Memories and Musings: Reflections on a shopping cart
Published 10:22 pm Monday, July 29, 2019
By Gene Gallelli
Four of us were lined up outside the grocery store like horses in the starting gates at the Kentucky Derby, staring at the pelting rain splash atop the cars waiting in the parking lot.
I heard the familiar swish of automatic doors and watched a young man carrying a plastic bag of groceries unflinchingly enter the downpour and “walk” to his car. I couldn’t help but wonder what color the sky must be in his world. Then I thought: maybe he’s just being childlike — something we should never stop being — and enjoying walking in the rain the way he probably did as a child.

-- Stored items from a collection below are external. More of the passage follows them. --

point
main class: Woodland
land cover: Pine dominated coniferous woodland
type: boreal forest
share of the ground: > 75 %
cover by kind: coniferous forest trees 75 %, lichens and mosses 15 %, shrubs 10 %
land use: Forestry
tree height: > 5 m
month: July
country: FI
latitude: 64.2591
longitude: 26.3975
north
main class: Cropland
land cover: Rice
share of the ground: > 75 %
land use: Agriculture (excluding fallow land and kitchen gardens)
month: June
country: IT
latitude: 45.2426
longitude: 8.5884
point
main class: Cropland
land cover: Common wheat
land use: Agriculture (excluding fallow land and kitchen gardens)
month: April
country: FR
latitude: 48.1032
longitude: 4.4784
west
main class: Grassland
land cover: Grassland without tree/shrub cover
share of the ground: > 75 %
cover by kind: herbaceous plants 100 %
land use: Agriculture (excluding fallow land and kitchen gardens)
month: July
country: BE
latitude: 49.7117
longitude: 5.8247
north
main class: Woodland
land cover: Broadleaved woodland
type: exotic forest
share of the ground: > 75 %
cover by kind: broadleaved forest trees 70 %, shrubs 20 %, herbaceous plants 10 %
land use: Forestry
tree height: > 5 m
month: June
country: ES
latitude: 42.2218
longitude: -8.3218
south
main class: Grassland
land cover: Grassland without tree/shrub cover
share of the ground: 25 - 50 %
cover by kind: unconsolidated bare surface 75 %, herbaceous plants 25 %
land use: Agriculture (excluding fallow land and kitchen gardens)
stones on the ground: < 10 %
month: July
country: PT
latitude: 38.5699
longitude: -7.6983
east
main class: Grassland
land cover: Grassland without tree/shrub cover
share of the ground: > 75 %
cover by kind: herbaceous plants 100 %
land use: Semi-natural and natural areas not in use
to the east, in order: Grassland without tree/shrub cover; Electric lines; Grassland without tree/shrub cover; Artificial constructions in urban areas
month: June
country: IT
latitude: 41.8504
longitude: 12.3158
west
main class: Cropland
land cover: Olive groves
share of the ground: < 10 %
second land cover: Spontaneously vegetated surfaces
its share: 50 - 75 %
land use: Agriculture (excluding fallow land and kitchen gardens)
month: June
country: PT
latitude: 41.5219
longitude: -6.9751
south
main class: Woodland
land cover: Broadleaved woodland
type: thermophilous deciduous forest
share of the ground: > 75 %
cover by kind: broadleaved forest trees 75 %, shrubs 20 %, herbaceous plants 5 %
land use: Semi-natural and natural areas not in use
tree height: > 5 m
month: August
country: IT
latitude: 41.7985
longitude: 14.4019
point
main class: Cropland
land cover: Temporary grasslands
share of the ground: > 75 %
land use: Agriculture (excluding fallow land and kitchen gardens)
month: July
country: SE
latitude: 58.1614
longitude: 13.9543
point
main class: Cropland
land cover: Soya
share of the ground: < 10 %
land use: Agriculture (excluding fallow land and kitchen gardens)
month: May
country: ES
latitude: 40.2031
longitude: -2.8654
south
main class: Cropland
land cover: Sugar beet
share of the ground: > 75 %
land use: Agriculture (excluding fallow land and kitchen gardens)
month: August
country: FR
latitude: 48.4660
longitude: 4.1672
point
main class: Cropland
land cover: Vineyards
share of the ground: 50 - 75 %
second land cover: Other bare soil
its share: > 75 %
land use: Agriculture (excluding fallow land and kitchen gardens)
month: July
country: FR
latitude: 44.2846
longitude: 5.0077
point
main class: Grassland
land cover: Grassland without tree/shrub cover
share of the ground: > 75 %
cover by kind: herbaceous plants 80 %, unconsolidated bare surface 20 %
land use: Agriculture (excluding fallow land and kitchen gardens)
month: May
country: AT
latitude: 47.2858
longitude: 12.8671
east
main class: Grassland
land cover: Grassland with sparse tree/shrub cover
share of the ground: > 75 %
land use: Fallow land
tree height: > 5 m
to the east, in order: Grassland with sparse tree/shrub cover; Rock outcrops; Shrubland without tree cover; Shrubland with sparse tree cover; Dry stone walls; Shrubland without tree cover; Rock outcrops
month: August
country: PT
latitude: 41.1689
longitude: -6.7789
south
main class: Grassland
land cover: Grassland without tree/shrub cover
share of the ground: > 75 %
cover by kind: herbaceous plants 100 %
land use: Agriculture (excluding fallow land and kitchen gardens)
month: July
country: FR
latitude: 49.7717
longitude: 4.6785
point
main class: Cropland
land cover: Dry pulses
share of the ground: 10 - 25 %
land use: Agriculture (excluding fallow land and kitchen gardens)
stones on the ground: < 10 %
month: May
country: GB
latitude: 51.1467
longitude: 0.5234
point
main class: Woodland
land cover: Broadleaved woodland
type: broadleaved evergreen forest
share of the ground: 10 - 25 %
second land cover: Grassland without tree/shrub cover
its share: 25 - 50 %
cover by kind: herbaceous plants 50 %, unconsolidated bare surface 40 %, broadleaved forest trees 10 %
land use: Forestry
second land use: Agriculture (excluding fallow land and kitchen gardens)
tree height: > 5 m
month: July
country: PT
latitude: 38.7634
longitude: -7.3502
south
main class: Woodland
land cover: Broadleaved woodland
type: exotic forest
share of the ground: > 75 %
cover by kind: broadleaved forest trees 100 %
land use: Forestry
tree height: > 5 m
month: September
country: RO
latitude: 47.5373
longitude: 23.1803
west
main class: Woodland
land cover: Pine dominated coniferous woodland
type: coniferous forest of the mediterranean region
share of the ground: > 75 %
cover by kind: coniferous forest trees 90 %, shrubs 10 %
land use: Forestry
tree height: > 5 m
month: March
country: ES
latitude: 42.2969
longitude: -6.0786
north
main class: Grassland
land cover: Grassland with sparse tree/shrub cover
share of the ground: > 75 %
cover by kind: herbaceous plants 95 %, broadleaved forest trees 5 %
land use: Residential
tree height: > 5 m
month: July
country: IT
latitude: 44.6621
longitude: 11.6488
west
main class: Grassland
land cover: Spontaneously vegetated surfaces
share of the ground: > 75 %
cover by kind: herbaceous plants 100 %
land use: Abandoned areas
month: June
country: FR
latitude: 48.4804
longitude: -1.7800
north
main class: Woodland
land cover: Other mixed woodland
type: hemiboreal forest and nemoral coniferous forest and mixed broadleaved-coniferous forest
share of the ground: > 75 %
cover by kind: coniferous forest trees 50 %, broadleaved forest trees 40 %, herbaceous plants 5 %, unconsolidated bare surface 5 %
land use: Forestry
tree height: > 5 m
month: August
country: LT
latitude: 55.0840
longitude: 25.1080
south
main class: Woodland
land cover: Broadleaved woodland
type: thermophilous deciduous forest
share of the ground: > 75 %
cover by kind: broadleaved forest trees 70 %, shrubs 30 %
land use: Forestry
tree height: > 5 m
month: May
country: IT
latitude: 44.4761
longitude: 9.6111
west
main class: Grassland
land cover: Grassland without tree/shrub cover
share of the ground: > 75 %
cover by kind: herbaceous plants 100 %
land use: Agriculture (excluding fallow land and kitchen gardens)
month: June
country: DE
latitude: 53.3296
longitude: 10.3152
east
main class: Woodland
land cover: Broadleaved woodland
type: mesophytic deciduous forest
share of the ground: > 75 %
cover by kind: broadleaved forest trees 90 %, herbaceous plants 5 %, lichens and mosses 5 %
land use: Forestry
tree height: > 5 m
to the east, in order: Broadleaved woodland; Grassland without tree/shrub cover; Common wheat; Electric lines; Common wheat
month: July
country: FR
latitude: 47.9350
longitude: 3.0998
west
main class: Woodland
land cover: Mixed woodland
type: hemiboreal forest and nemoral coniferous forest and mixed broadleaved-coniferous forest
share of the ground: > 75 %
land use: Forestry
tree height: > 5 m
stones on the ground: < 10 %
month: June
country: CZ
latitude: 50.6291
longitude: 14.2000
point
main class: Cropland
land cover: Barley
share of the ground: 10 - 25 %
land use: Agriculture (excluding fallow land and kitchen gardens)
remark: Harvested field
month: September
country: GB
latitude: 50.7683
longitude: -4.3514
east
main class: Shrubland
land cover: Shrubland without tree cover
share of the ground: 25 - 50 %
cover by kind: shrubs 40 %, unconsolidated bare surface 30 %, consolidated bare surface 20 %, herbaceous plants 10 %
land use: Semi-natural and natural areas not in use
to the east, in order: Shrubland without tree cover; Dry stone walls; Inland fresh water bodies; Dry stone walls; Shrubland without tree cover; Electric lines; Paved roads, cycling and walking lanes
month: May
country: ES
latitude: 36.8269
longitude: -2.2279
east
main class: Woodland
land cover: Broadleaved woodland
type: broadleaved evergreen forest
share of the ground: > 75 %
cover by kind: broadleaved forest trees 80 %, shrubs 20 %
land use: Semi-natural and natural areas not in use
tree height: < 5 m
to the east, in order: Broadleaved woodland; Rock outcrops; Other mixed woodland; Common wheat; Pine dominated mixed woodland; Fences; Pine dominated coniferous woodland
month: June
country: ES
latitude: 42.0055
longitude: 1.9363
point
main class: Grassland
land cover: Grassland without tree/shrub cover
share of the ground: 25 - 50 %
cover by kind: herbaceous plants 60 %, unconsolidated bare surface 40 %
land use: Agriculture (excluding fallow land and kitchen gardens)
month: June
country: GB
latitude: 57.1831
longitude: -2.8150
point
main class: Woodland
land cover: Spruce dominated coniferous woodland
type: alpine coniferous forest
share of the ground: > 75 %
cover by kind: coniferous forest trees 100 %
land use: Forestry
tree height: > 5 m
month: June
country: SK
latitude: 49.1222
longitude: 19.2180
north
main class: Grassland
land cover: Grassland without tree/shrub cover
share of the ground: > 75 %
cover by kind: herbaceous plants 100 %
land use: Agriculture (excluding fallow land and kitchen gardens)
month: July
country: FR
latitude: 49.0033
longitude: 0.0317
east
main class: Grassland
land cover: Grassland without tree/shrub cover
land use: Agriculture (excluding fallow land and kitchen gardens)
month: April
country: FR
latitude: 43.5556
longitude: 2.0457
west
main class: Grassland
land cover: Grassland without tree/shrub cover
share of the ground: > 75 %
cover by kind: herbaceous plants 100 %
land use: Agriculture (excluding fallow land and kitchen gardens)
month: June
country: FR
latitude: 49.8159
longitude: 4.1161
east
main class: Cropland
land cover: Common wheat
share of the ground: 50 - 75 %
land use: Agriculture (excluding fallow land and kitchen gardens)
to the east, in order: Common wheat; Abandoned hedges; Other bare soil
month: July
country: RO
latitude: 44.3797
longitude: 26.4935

The bespectacled, gray-haired lady next to me — her cart bulging with bags of groceries — shook her head and said, “Where did this come from?” I didn’t have a good response, so I said something stupid and insignificant, like, “Yeh! It’s really something!” then suggested she pull her cart back a little to get the bags in front out of the rain.
The young man dangling a filled plastic bag in one hand and a six-pack of a preferred beverage in the other, mumbled words that I hoped the lady with the cart didn’t hear. Then, spewing expletives he dashed to his waiting SUV, got in, and eventually drove off, probably inventing several new four-letter words and catchy phrases and anxious, I’m certain, to get to his six-pack of preferred beverages.
An extended-cab truck pulled in front of us to pick up our older male companion carrying two containers of deli food; he quickly jumped in the front passenger seat. Instead of driving off, the truck pulled into a parking space, probably so they could eat their lunches. Actually, I thought, dining in the rain with good music on the radio wouldn’t be so bad.
Only yours truly and the bespectacled lady with the shopping cart remained, still staring at the splashes, still wishing we had umbrellas, and still anxious to get home with the goods. Fortunately, I didn’t have anything perishable or frozen to worry about; not so with my lady friend with the bulging cart.
Then, after uttering a halfhearted, “Well, I guess I won’t melt!” I, unlike the Wicked Witch from The Wizard of Oz, raced with my vitals to my waiting chariot, fumbled for the key fob, unlocked the door, put the groceries in the back and jumped, drenched, into the driver’s seat. The car rumbled alive and we — me and the groceries — headed for home, passing the lady with the shopping cart who was still patiently waiting for the rain to stop.
There hadn’t been any plan for doing a study on human nature that day, but driving home in the downpour I summarized what startling reality was gained from the experience; which was: if you’ve gone to the grocery store, filled your cart with everything on your mile-long list, and it starts to pour, you’re probably going to get wet!